This is one of those pressure cooker techniques that does not take less time but is still more convenient for other reasons.  While microwaving oatmeal is quick, the gruel-like texture is not that appetizing – unless you want to open the microwave and stir every 30 seconds. Making oatmeal from scratch requires you to stand there and constantly stir the porridge until it’s ready and creamy.  If you’re not careful the oatmeal might burn, splatter or boil over.

Cooking oatmeal in the pressure cooker is totally hands-off – no burning, no boil-overs and no stirring to worry about.

But wait, there’s more!

If you have an electric pressure cooker with a timer or delay function  – you can set everything up the night before so breakfast can pressure cook itself in the morning!

Safely Pressure Cooking Oatmeal

I do not recommend pressure cooking oatmeal directly in the pressure cooker’s base for both safety and convenience reasons.
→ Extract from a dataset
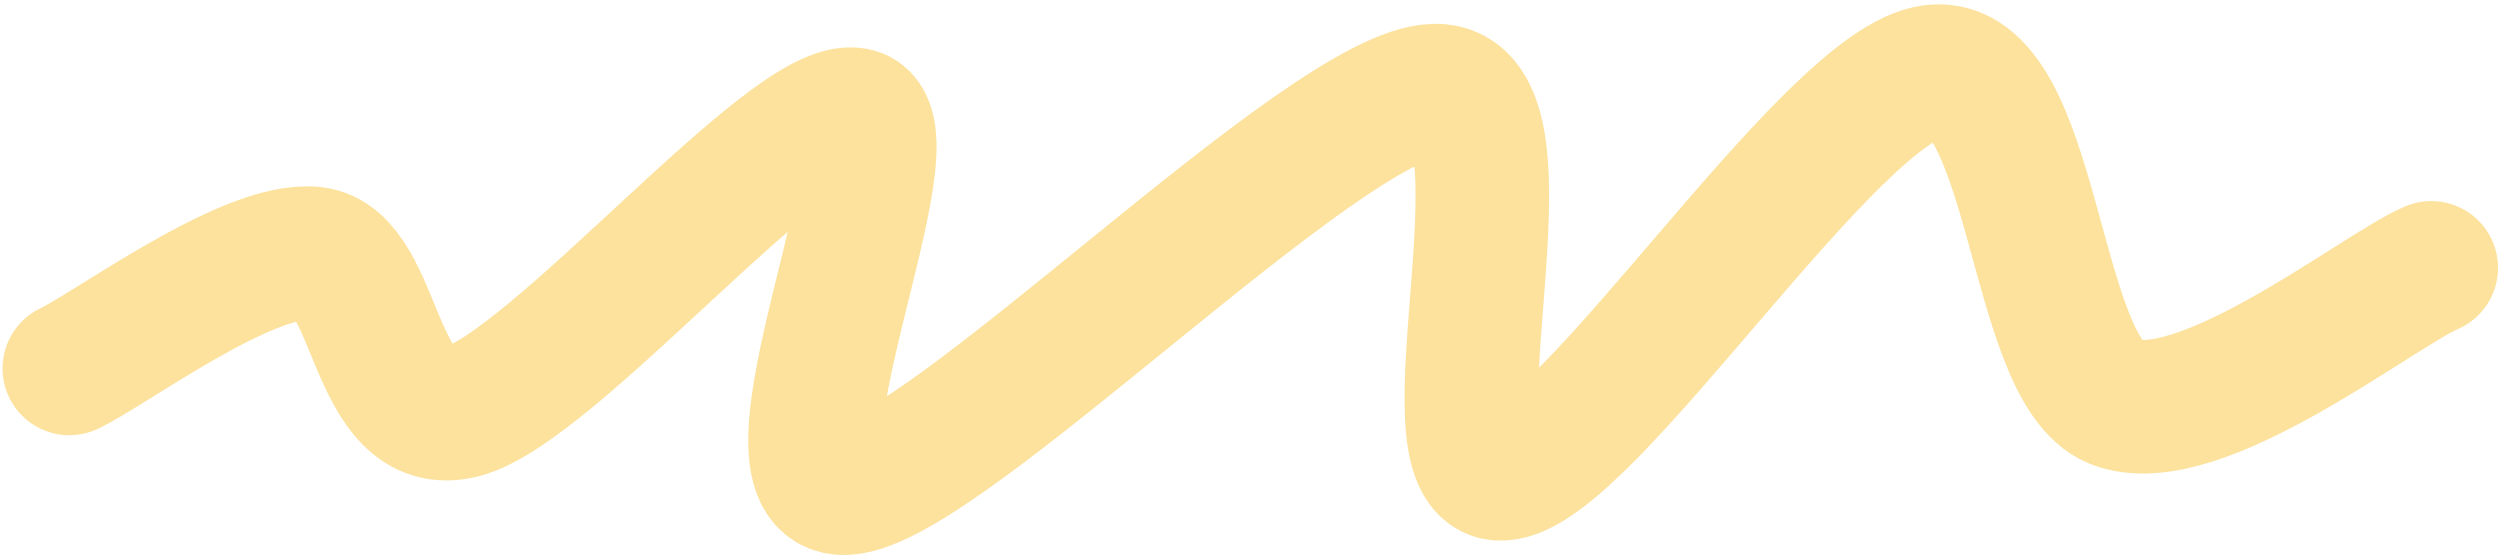 <?xml version="1.0" encoding="UTF-8"?> <svg xmlns="http://www.w3.org/2000/svg" xmlns:xlink="http://www.w3.org/1999/xlink" width="468px" height="104px" viewBox="0 0 468 104" version="1.1"><title>llline-10</title><g id="Page-1" stroke="none" stroke-width="1" fill="none" fill-rule="evenodd" stroke-linecap="round"><g id="llline-10" transform="translate(12.978, 13.304)" stroke="#FCE29D" stroke-width="25"><path d="M0,55.669 C7.623,52.081 33.483,32.799 45.74,34.144 C57.997,35.489 56.652,68.075 73.543,63.74 C90.433,59.406 135.127,5.743 147.085,8.135 C159.043,10.527 127.205,78.838 145.291,78.09 C163.378,77.343 235.127,4.099 255.605,3.651 C276.084,3.202 252.616,75.998 268.161,75.4 C283.707,74.802 329.746,2.305 348.879,0.063 C368.012,-2.179 367.414,55.818 382.96,61.947 C398.505,68.075 432.287,41.02 442.152,36.835" id="Path"></path></g></g></svg>

All pressure cooker manuals advise against pressure cooking oatmeal,  and that’s because cooking oatmeal directly in the base will cause the oatmeal to foam, splatter and clog the pressure release valves, which is a safety concern. Using a bowl cooks the oatmeal more delicately, in that it ensures that pressure builds in the cooker before the oatmeal itself is boiling.  This reduces foam and splatters because pressurized steam will actually be pushing down on the oatmeal preventing it from actively boiling (making bubbles that ultimately generate splatters and foam).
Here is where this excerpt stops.